Женщины чуяли, что офицерик любит верно и горячо. Они понимали немую застенчивость его страданий и с нещадной, лютой страстностью, тоже по-татарски, готовы были разворошить для него весь мглистый Петербург, его щели, углы, сырость, плесень, чтобы отыскать и поставить перед ним худенькую, рыжеволосую арфянку. Но Анны не было нигде и никто о ней толком не слышал. Она исчезла.
У Пяти Углов, в трактире, лакей с острым щетинистым подбородком, во фрачишке потертом до тусклого глянца, как-то отвел Мусоргского в угол и сказал:
- Намедни была-с. Ей-Богу. Она самая.
Старичок показал в дряблой улыбке нижние желтые зубы, точно старая лошадь.
- Обогреться заходила. Ей-Богу-с.
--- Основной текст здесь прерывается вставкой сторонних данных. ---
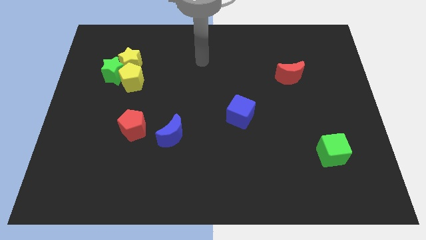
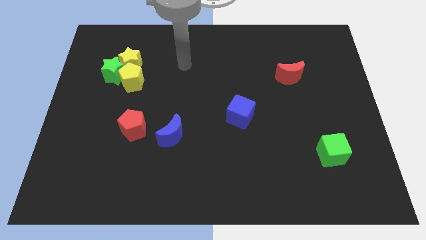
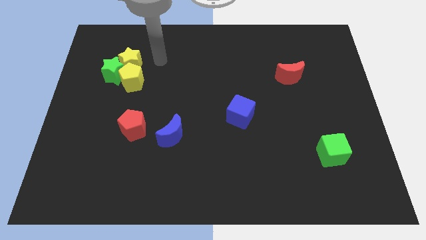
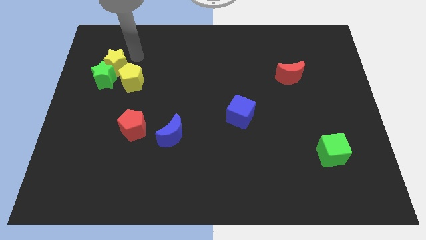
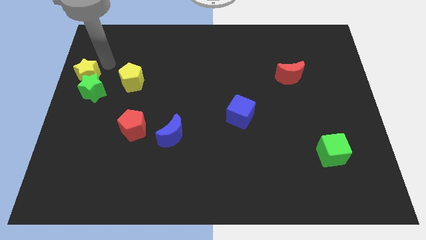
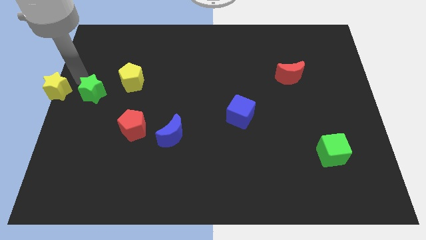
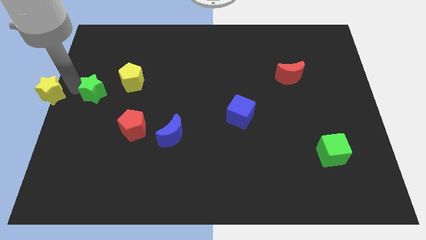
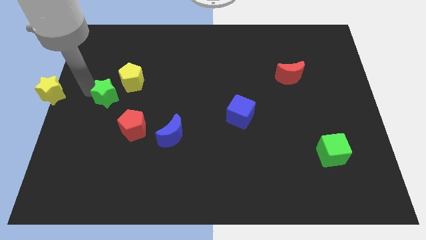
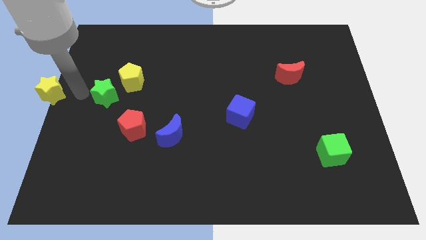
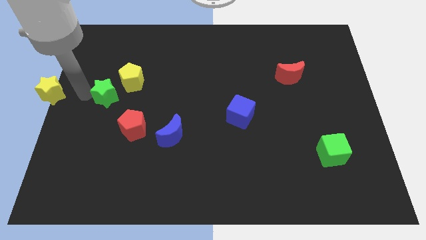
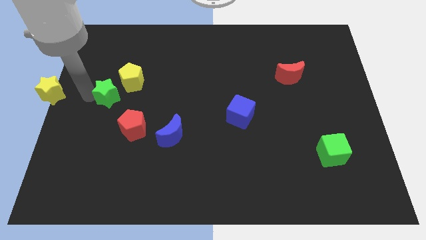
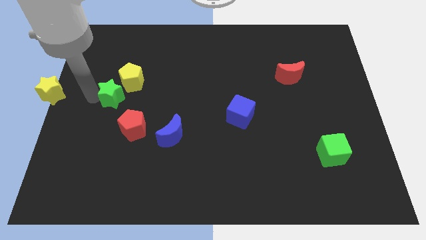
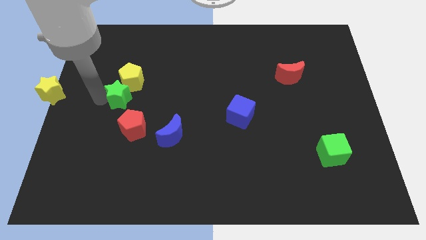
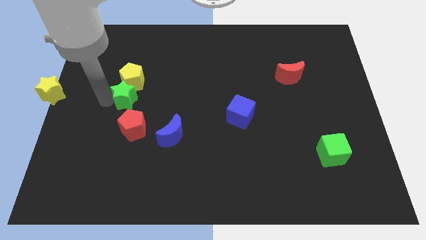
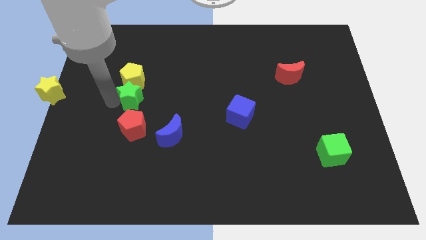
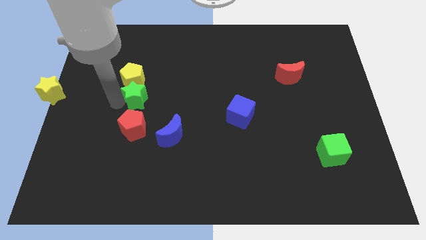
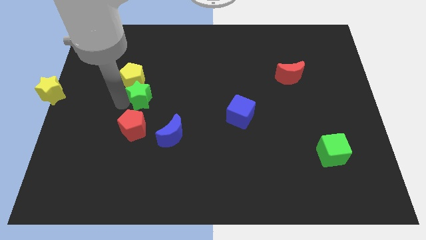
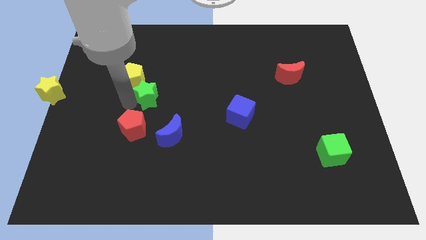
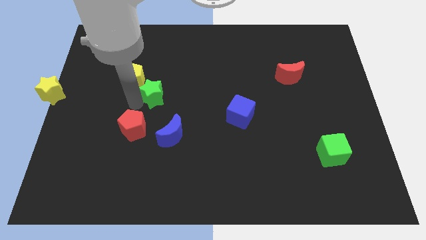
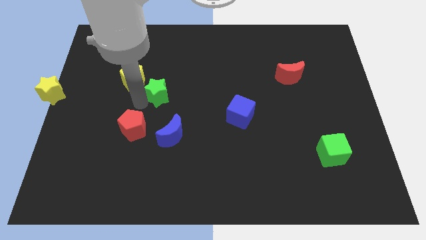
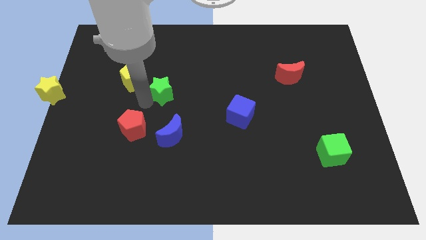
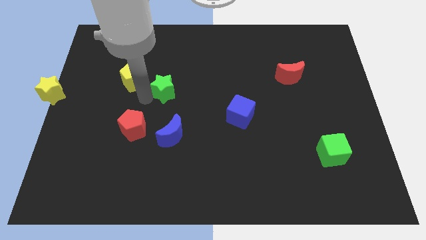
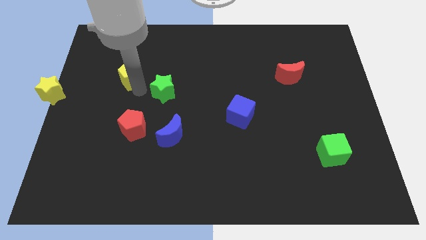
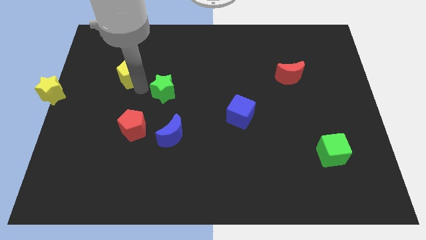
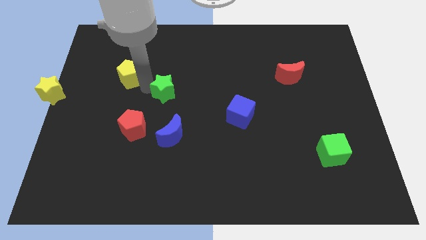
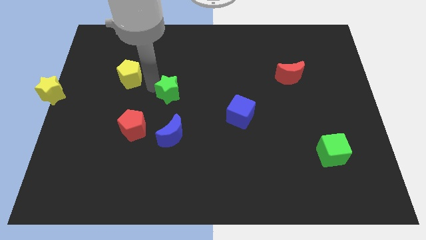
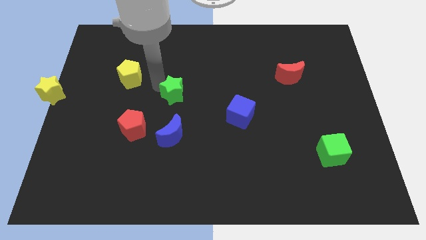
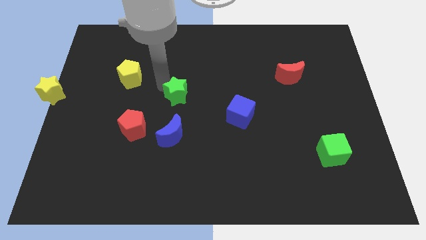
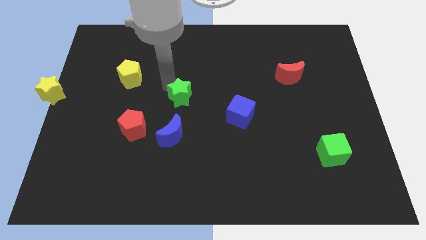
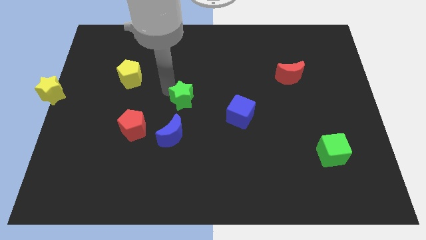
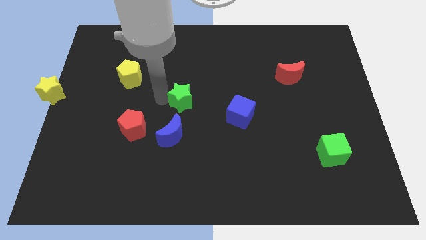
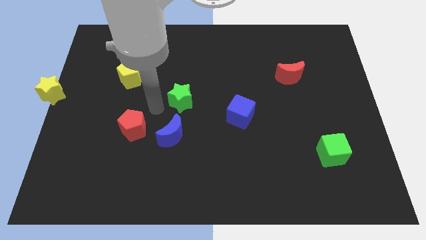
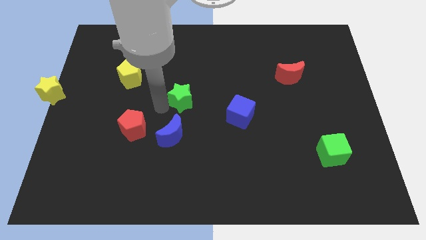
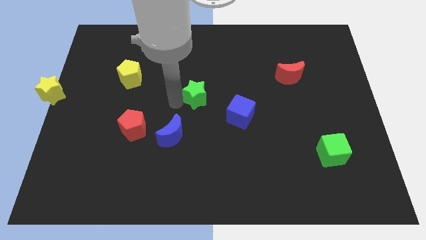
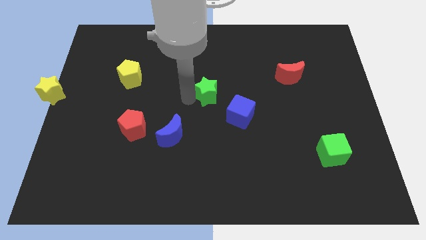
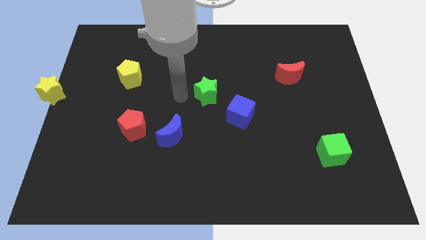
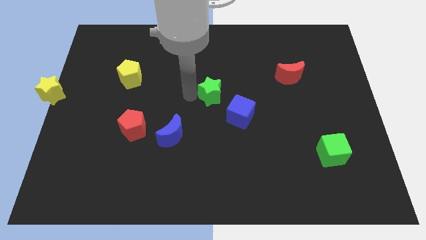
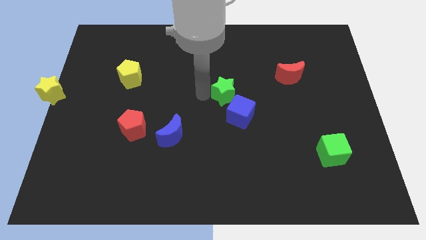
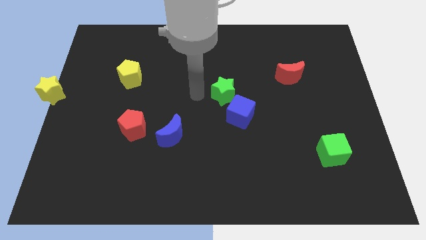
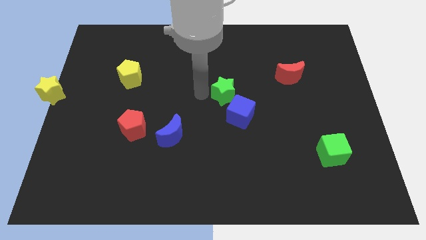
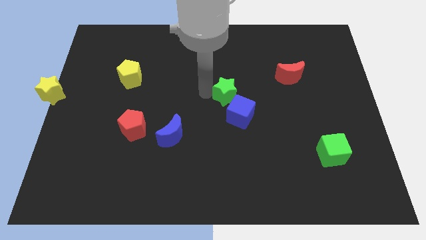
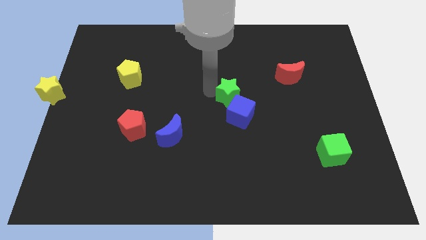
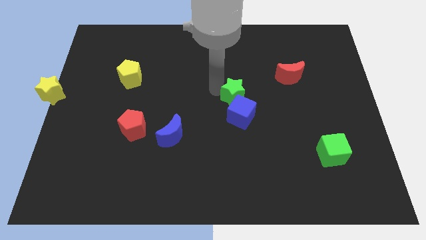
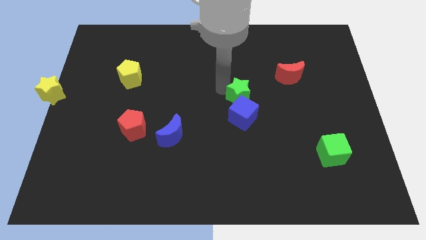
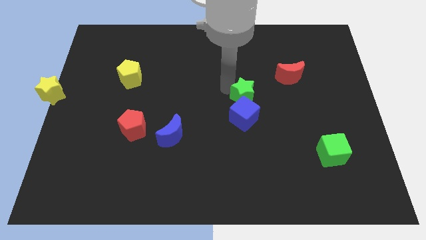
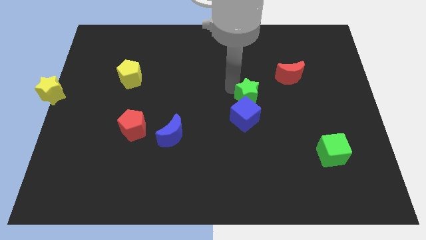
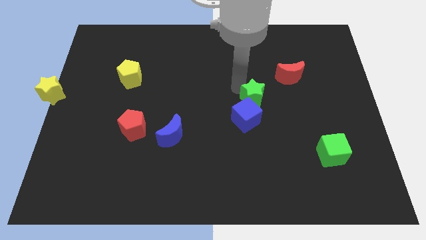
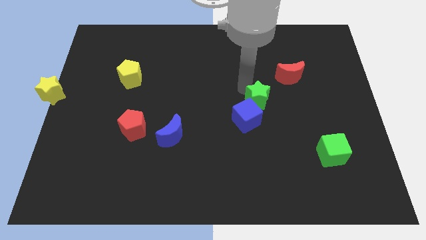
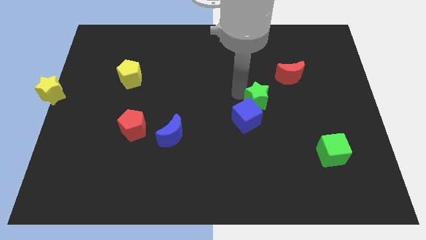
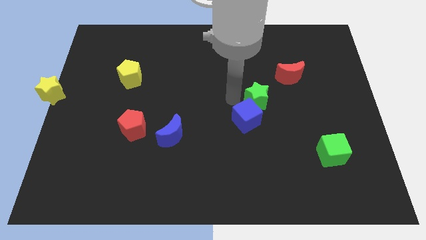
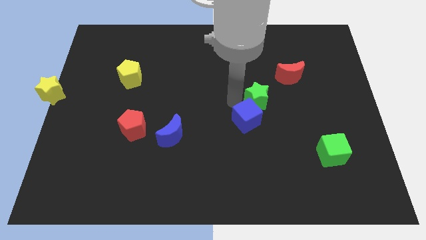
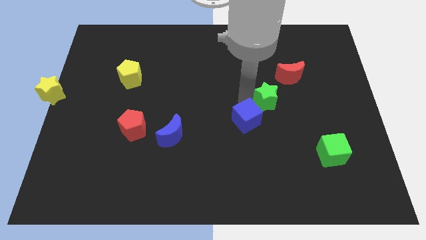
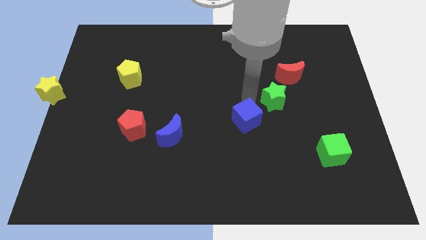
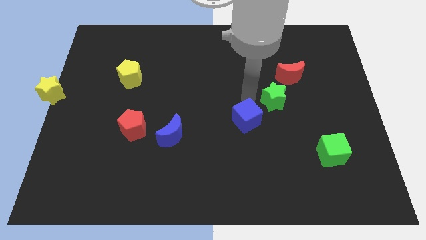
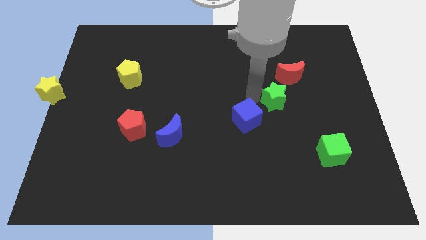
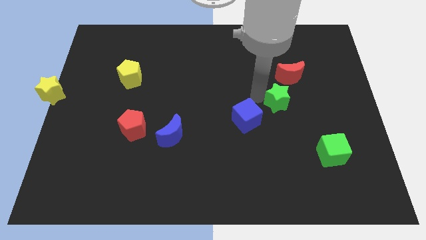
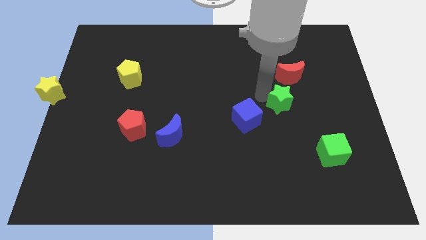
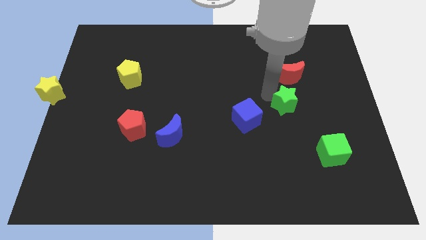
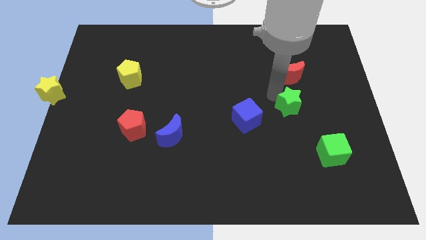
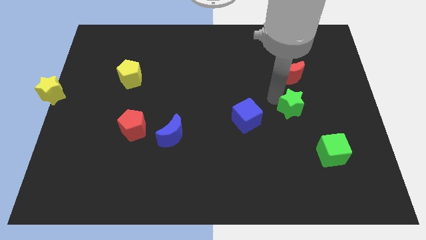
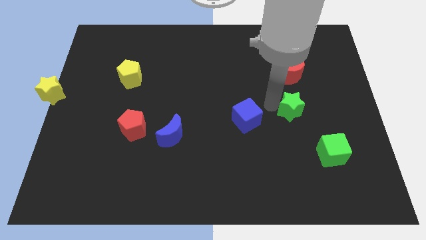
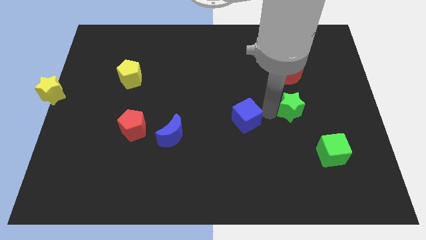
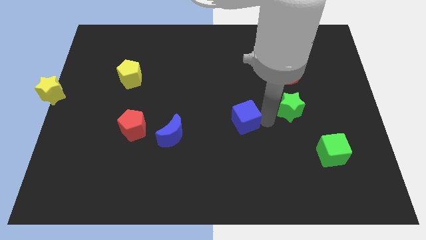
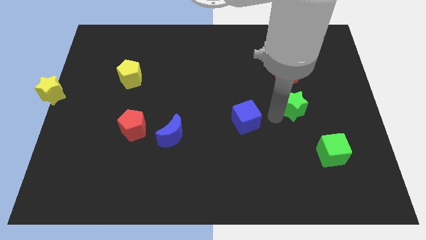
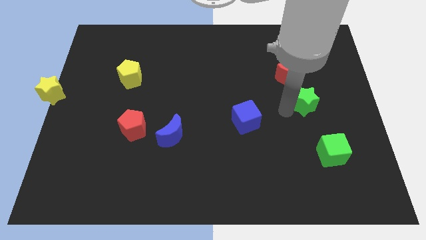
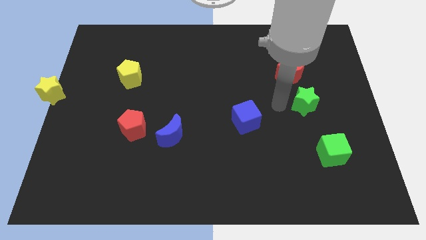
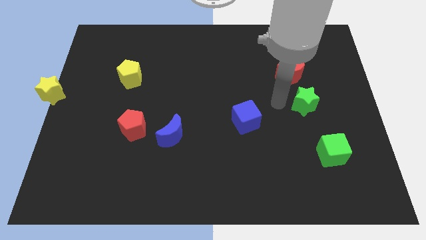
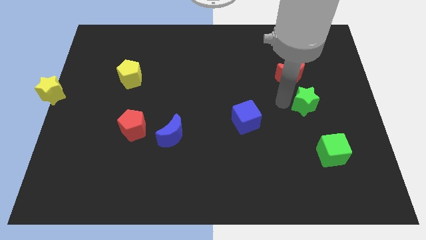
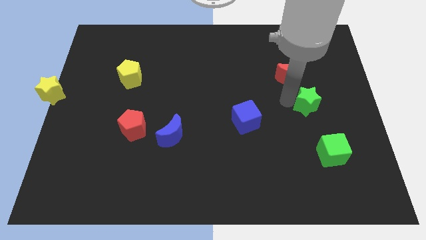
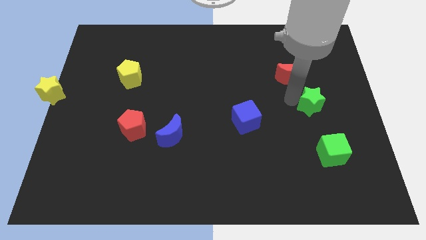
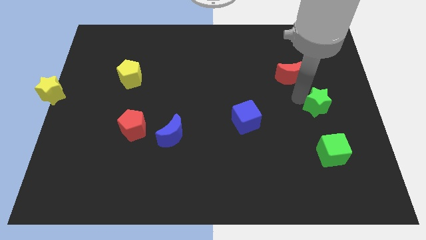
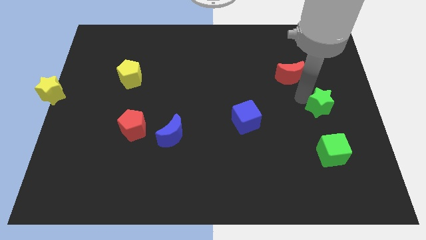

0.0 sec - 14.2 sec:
put the green star to the center right

Просила двугривенный под заклад дать, у нас ейная арфа заложена.
- У вас?
- А как же-с, у нас. Еще когда заложила... Так и стоит. Я ей, врать не буду, двугривенного не дал, у самого не было.
- Что же она ... Как выглядит, здорова?
- Зачем больна? Здорова. Усталая вроде, малость. Ты где, говорю, поешь? А я, говорит, нигде не пою, но в таких местах скоро петь буду, куда нам всем и вход запрещен. А сама, видно, что шутит.
- И вы не спросили, куда она идет, где живет?
- Да что спрашивать. Разве скажет. А посидела вот тут. Все под платком руки грела. И ушла-с. Тихо, без скандалу...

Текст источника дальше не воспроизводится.